Learn more: Fulfillment Delays →
If you need to make changes after shipments have gone out, void the existing authorization first (which cancels its shipments), then create a new authorization.
Failed Captures
With a failed capture, the authorization was successful — the customer's card was verified and funds were held at the time of the auth. The capture failed for a different reason: the card expired between auth and capture, the customer's available balance dropped, or the processor rejected the capture request.
Because the shipment has already gone out to the customer, the system treats the billing cycle as a success. The customer received their product, so the cycle is considered fulfilled — the failed capture is a payment-collection issue to chase down separately, not a reason to halt the subscription:
- The order offer remains Active (for subscriptions) or Complete (for one-time sales)
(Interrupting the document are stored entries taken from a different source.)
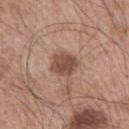The total-body-photography lesion software estimated a lesion area of about 7.5 mm², an outline eccentricity of about 0.5 (0 = round, 1 = elongated), and a symmetry-axis asymmetry near 0.15. And it measured roughly 12 lightness units darker than nearby skin and a lesion-to-skin contrast of about 8.5 (normalized; higher = more distinct). The analysis additionally found a within-lesion color-variation index near 3.5/10 and peripheral color asymmetry of about 1. Imaged with white-light lighting. The lesion is located on the left upper arm. The subject is a male in their mid-60s. Cropped from a total-body skin-imaging series; the visible field is about 15 mm.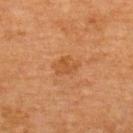| feature | finding |
|---|---|
| notes | total-body-photography surveillance lesion; no biopsy |
| anatomic site | the upper back |
| image-analysis metrics | a lesion-detection confidence of about 100/100 |
| subject | female, in their mid-50s |
| imaging modality | 15 mm crop, total-body photography |
| illumination | cross-polarized illumination |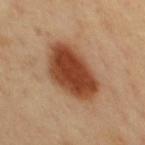follow-up: no biopsy performed (imaged during a skin exam)
image source: ~15 mm crop, total-body skin-cancer survey
anatomic site: the chest
patient: male, roughly 50 years of age
illumination: cross-polarized illumination
TBP lesion metrics: a lesion color around L≈44 a*≈25 b*≈34 in CIELAB; border irregularity of about 2 on a 0–10 scale and a color-variation rating of about 5/10

- The order is marked as Complete
- The next recurring cycle is scheduled automatically:
- If "Auto Capture on Recurring" is enabled, the next cycle is an authorization
- If disabled, the next cycle is a regular sale
Reattempting a Failed Capture
After a capture fails, the Capture button remains available on the authorization in the customer view. You can click it to attempt the capture again at any time, or call POST /orders/{order_id}/capture directly to retry via the API. If the reattempt also fails, no additional recurring cycles are scheduled — the system already scheduled the next cycle when the first capture attempt failed.
What You'll See in the UI
When an authorization has a declined capture:
- The transaction row shows a Failed status with a red indicator
- The Capture action button is still available for reattempting
- The next recurring transaction appears as scheduled in the subscription
Capturing Without a Trigger
You don't have to use a trigger to capture an authorization. Captures can also be processed manually or scheduled directly via the API. See Ways to Capture an Authorization for the manual and API-scheduled paths.
Important Notes
- The merchant account must be active at the time of capture for it to process successfully.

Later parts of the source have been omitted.